DATA FOR THIS TASK Block Start
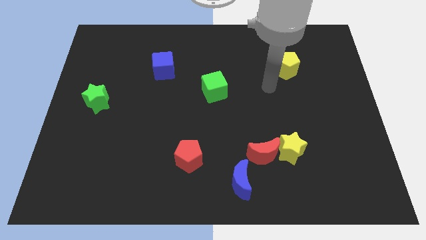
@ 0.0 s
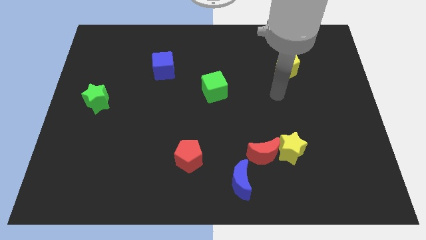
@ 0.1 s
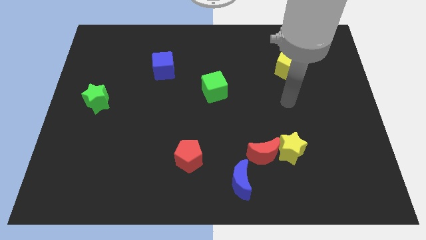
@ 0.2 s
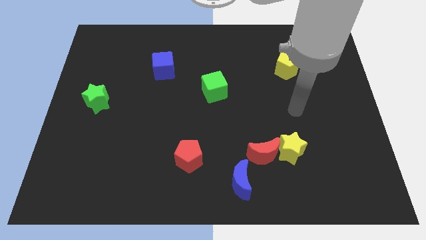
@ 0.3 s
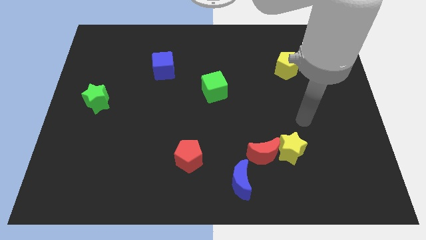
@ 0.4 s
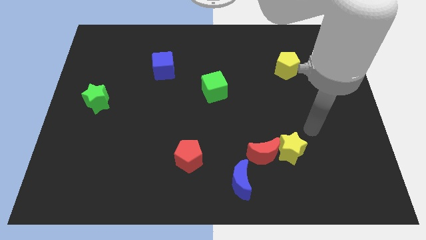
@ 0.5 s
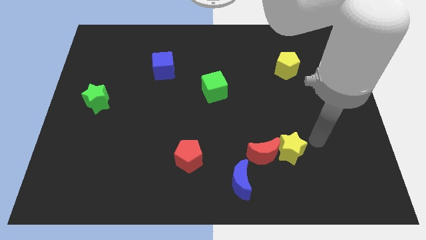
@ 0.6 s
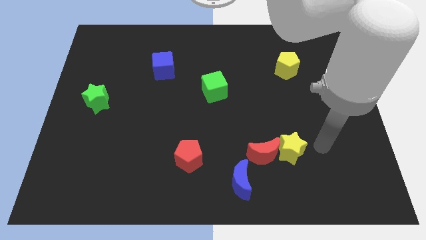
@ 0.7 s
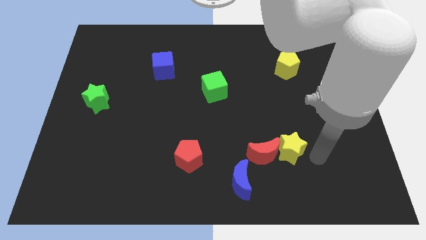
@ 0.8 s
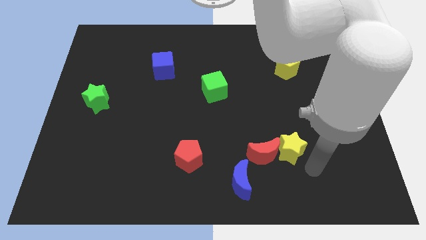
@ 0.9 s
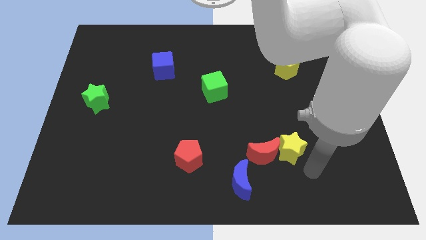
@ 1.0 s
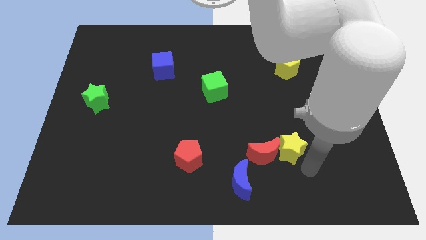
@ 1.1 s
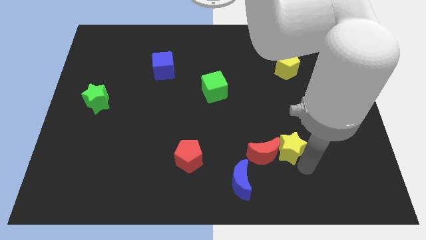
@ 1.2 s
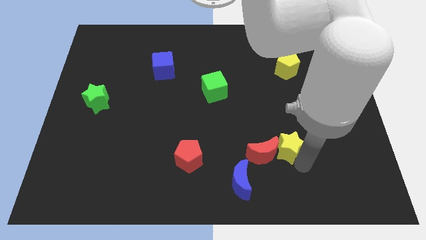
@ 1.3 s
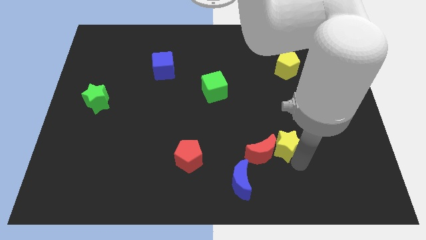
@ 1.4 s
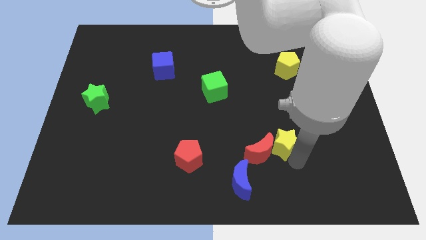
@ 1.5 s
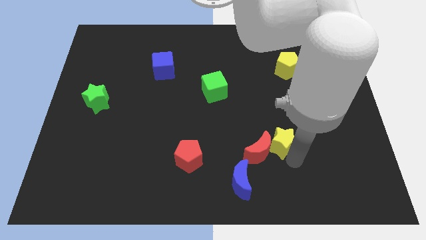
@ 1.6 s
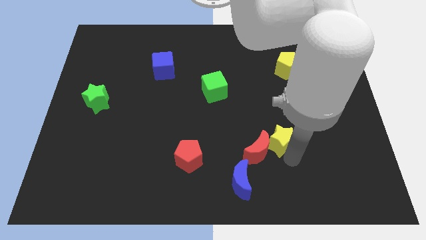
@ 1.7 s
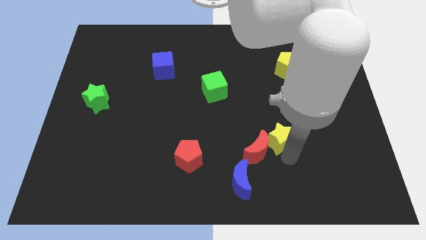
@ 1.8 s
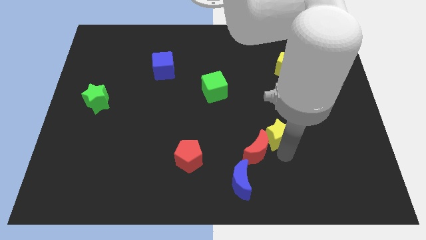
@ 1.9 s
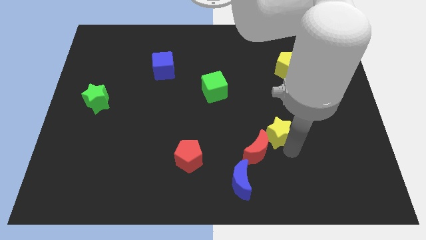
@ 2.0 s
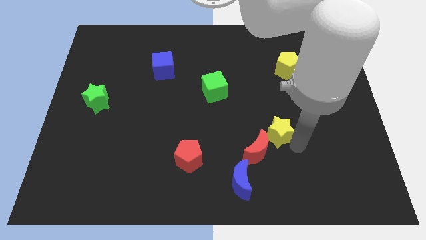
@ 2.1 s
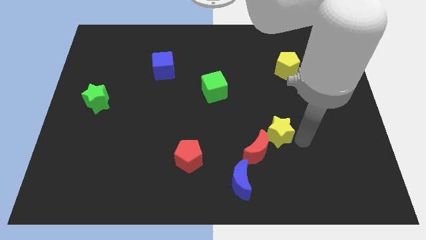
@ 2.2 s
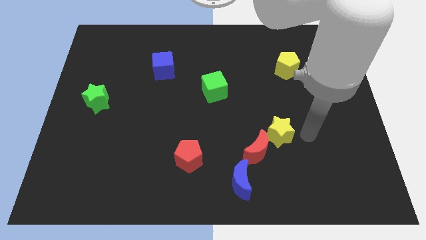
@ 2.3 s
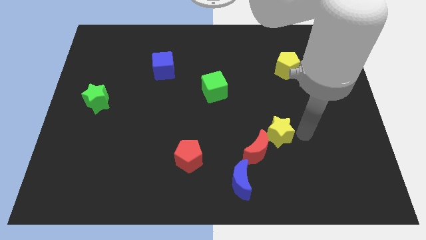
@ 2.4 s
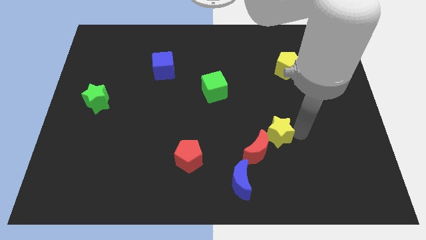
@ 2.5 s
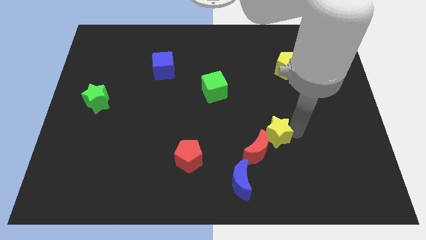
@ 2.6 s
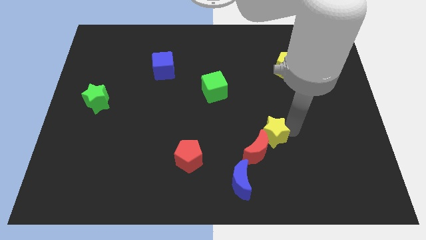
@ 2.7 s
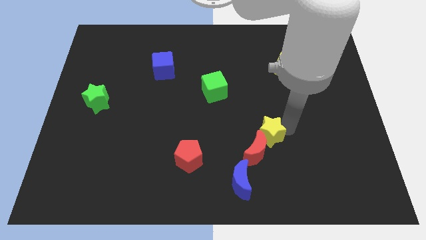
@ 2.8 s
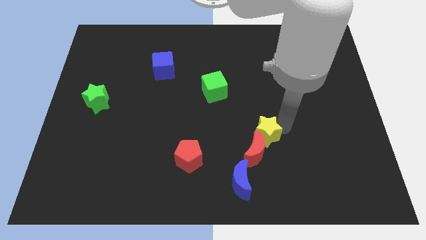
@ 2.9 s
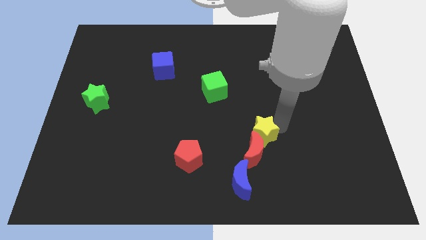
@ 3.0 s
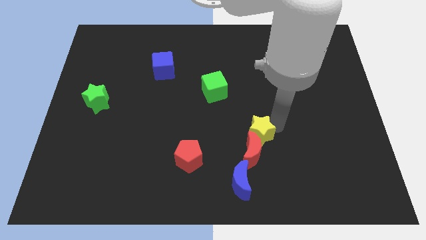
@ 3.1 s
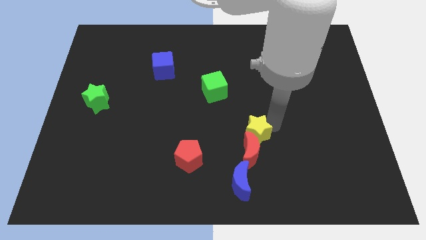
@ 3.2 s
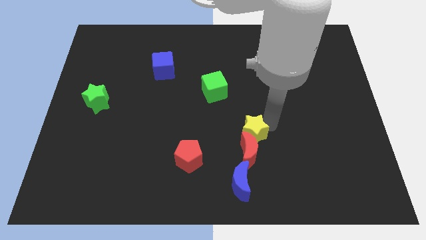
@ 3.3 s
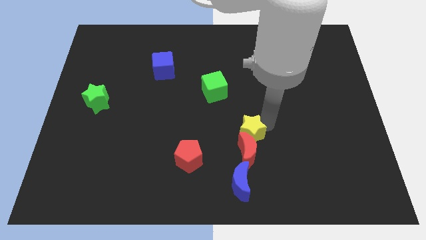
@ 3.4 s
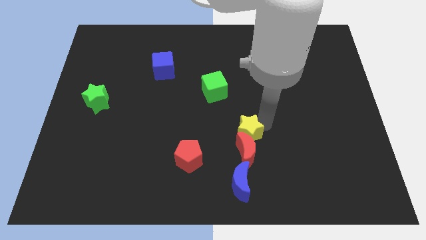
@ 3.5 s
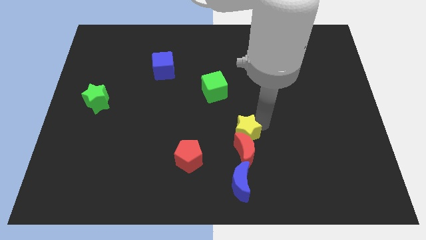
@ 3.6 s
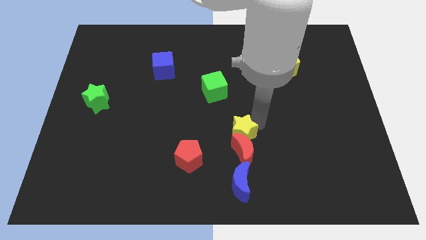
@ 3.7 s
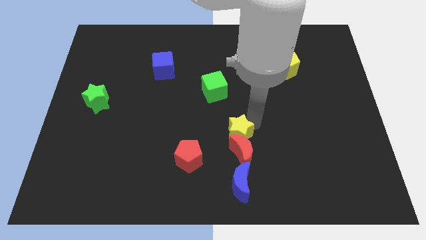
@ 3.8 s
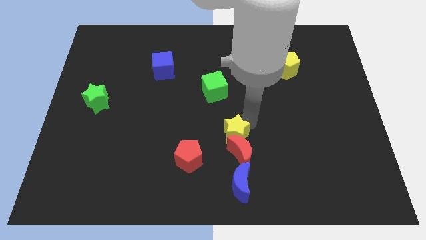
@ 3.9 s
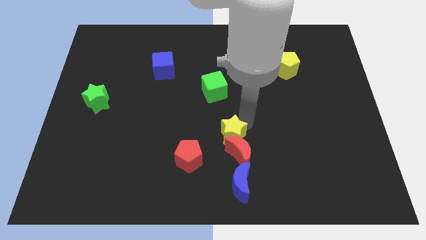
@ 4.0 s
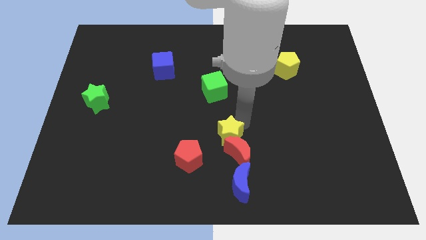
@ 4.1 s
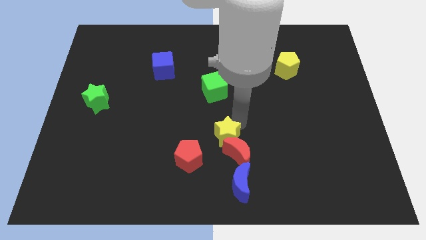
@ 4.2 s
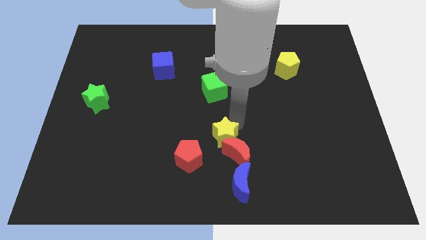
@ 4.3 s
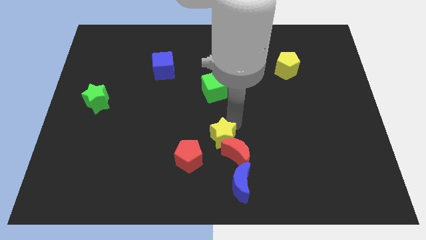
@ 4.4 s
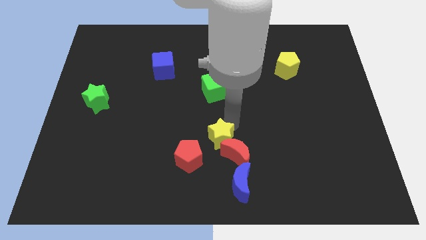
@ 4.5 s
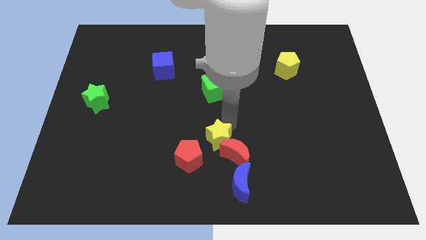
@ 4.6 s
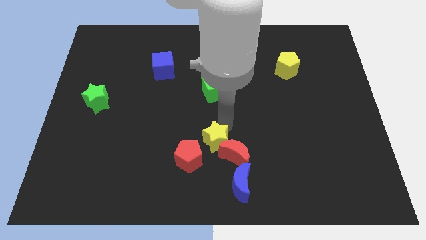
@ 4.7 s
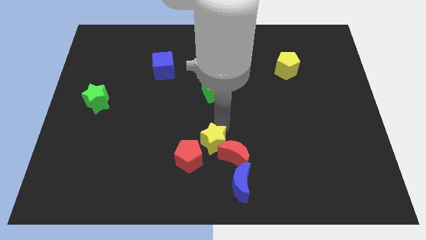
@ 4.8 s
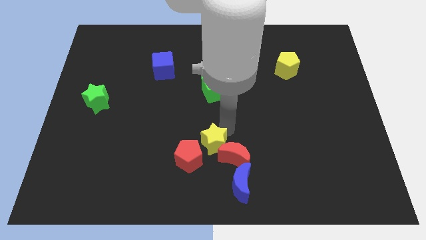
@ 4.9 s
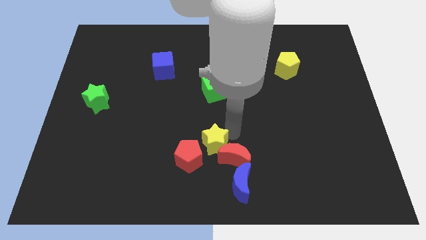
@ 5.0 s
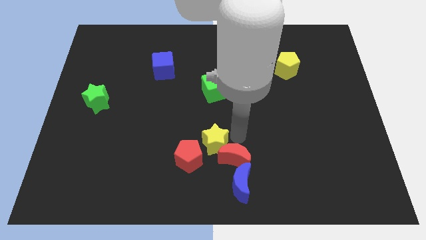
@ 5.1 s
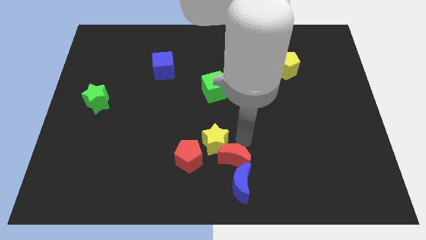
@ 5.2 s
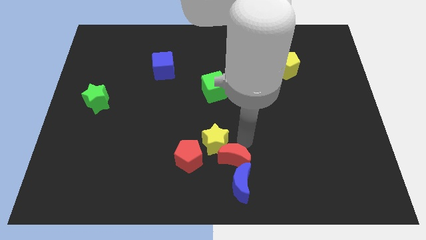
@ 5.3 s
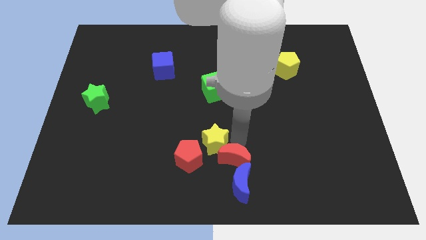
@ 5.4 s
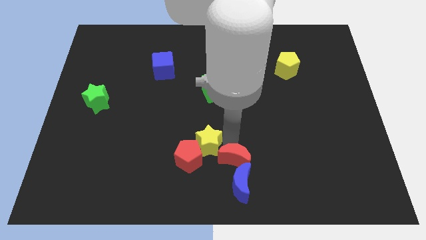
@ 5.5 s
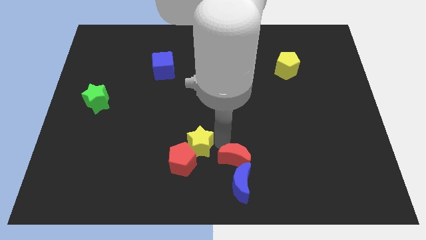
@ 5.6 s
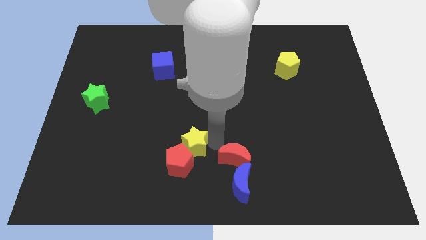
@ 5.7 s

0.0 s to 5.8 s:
slide the yellow star to the left
DATA FOR THIS TASK Block End
Return each entry exactly as given. Leave the images out.

— YOUR SOLUTION —
@ 0.0 s
@ 0.1 s
@ 0.2 s
@ 0.3 s
@ 0.4 s
@ 0.5 s
@ 0.6 s
@ 0.7 s
@ 0.8 s
@ 0.9 s
@ 1.0 s
@ 1.1 s
@ 1.2 s
@ 1.3 s
@ 1.4 s
@ 1.5 s
@ 1.6 s
@ 1.7 s
@ 1.8 s
@ 1.9 s
@ 2.0 s
@ 2.1 s
@ 2.2 s
@ 2.3 s
@ 2.4 s
@ 2.5 s
@ 2.6 s
@ 2.7 s
@ 2.8 s
@ 2.9 s
@ 3.0 s
@ 3.1 s
@ 3.2 s
@ 3.3 s
@ 3.4 s
@ 3.5 s
@ 3.6 s
@ 3.7 s
@ 3.8 s
@ 3.9 s
@ 4.0 s
@ 4.1 s
@ 4.2 s
@ 4.3 s
@ 4.4 s
@ 4.5 s
@ 4.6 s
@ 4.7 s
@ 4.8 s
@ 4.9 s
@ 5.0 s
@ 5.1 s
@ 5.2 s
@ 5.3 s
@ 5.4 s
@ 5.5 s
@ 5.6 s
@ 5.7 s

0.0 s to 5.8 s:
slide the yellow star to the left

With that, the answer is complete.